Important directories you will be able to edit are Google, Yahoo, Yelp, and yellowpages.com. Claim and edit these listings to reflect your new address & phone.

Once you’ve already submitted your new business listing with your new address, at the other online business directories, it’s actually easier to delete/remove your old listing from the directories. Search for where you might be listed by doing a Google search for:

{business name, city, ST} or {business name, city, ST, Old phone#}

Click on your business listing to see if there is an “Edit this listing” or “This business has moved or closed” button. If so, mark your business appropriately. There is usually an editorial review process, or a not-really-sure-if-this-did-anything-or-not process that can take many weeks. That’s just how it is.

4b. [Special Circumstances] Don’t delete your old business listings in Google Places or directories just yet! – especially if you are ranking well and if you rely on new business from your Google listing. It might be better for your listing to be incorrect-yet-visible than not-visible-at-all. So just add your new listing at your new address in Google and the directories. (You can only add a new listing if you have a distinct phone number for your new listing.)

In this case, you may need to explain to your new clients/customers that your office/store has moved, but a lost new customer might be better than nothing. We’ve seen some businesses put a graphic on their websites home page & contact page announcing their new location, while still having their old listing & location remain a page 1 traffic driver to their website. (They kept their old address in very small print in the footer of their website to so Google could find it.)

5. Submit your business information to “Data Aggregators”. There are 3rd party companies that will submit your business to their own “networks of online & offline data networks”. This is not free, and can take considerable time to take effect but can be very helpful to reduce discrepancies in online business data. These companies generally work with agencies and can be prohibitively expensive for individual business owners.
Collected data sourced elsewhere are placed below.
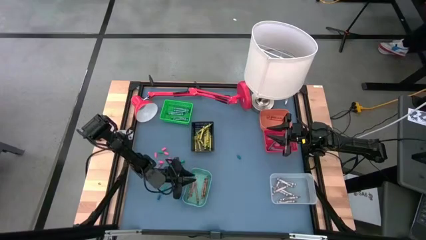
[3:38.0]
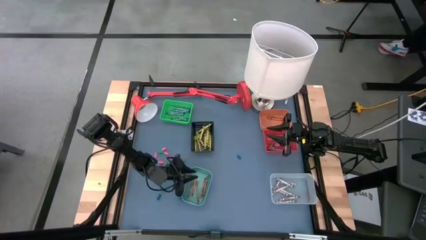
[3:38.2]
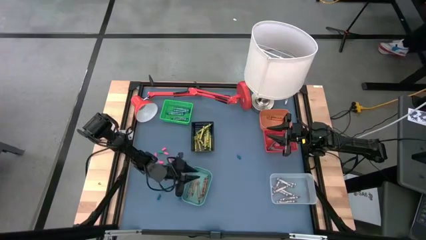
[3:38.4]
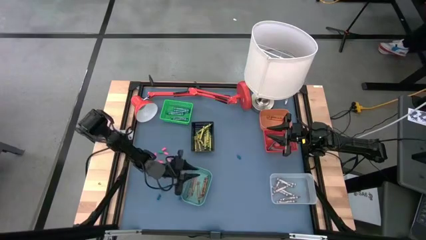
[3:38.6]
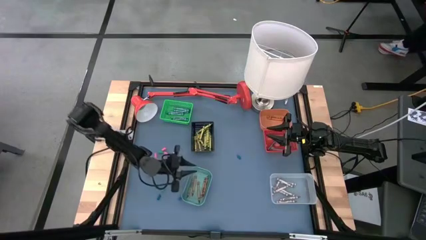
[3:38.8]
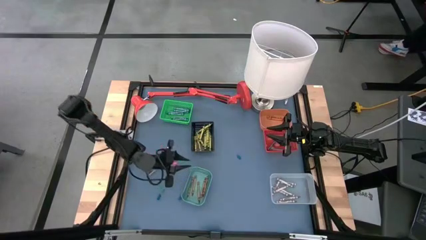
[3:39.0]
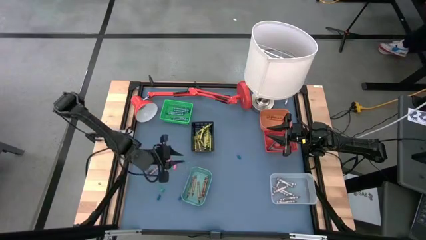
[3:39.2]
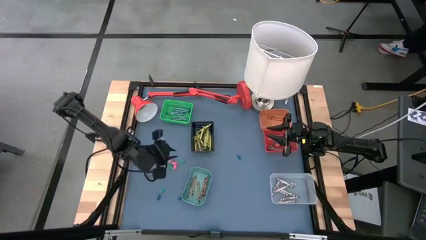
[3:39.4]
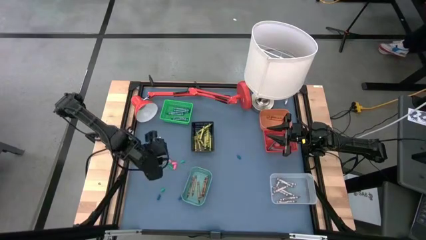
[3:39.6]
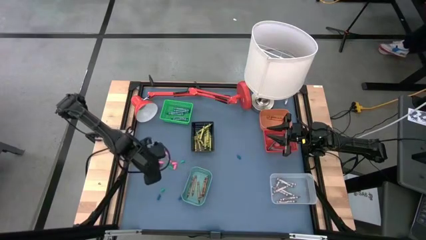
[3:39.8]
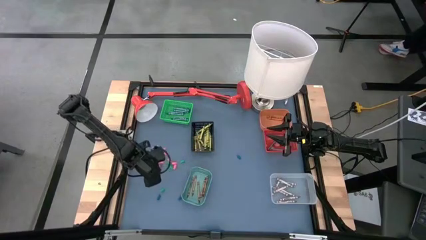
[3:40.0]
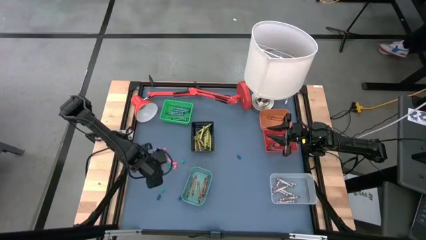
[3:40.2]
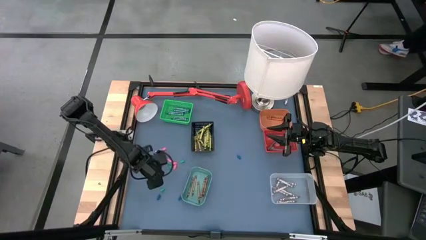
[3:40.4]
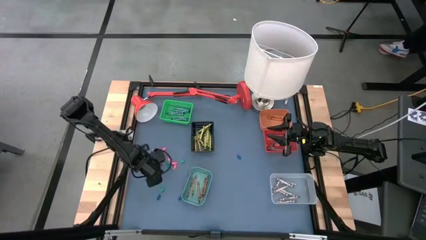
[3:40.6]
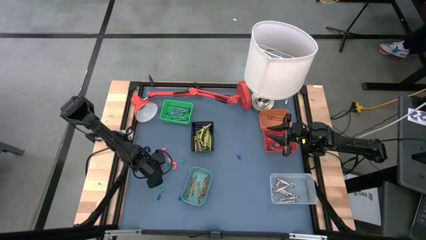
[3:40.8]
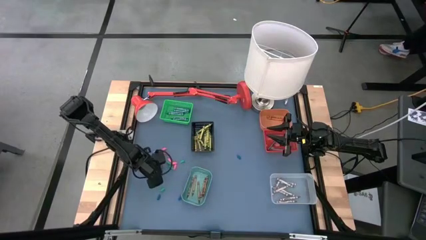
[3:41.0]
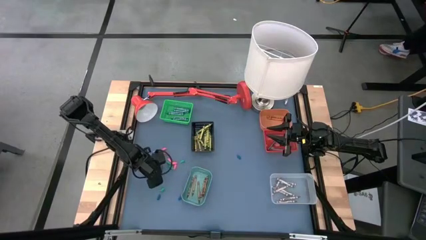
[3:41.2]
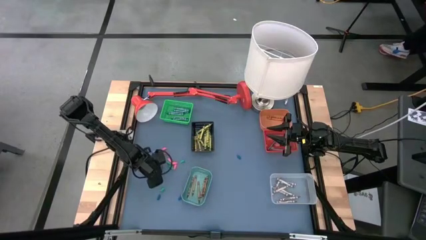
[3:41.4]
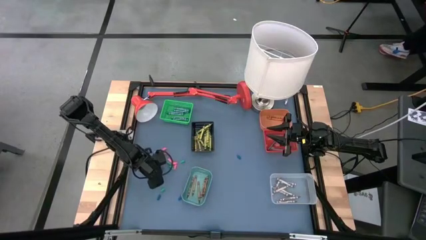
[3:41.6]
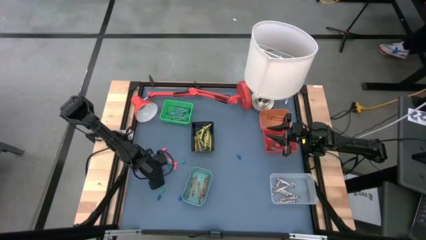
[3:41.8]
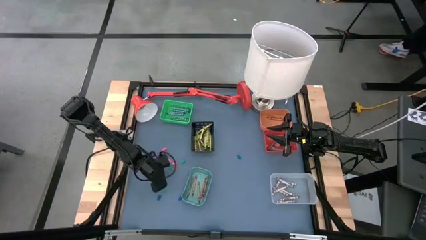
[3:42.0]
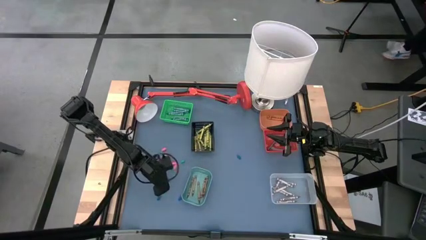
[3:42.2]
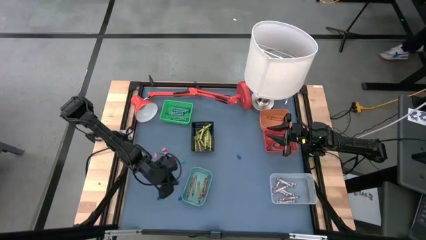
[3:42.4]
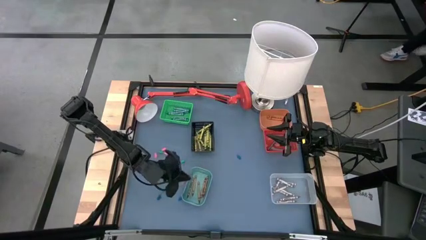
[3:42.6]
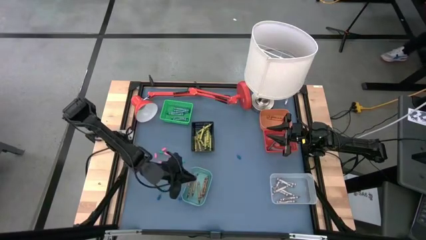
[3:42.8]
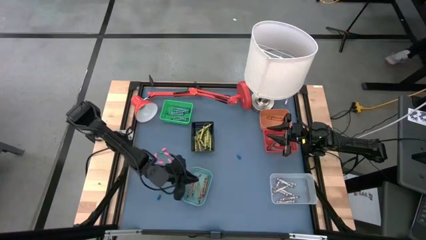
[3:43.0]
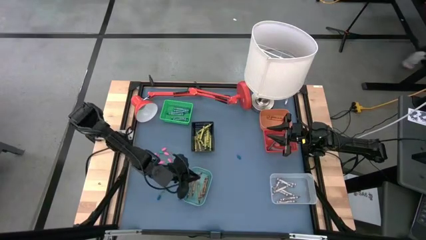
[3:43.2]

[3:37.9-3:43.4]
Task: Sort crayons
Put the brown crayon into the light green bin

If you are working with SEO professional, they can discuss this with you.

You’ll be served well to get the advice of a seasoned local SEO expert to help you make the right decision about your relocation. This whole process is very complex. Despite your ability to submit & edit online information, this data is not owned or controlled by you. Ultimately the end result (and your web rankings) are determined by a many other players in an ever changing, rapidly evolving environment.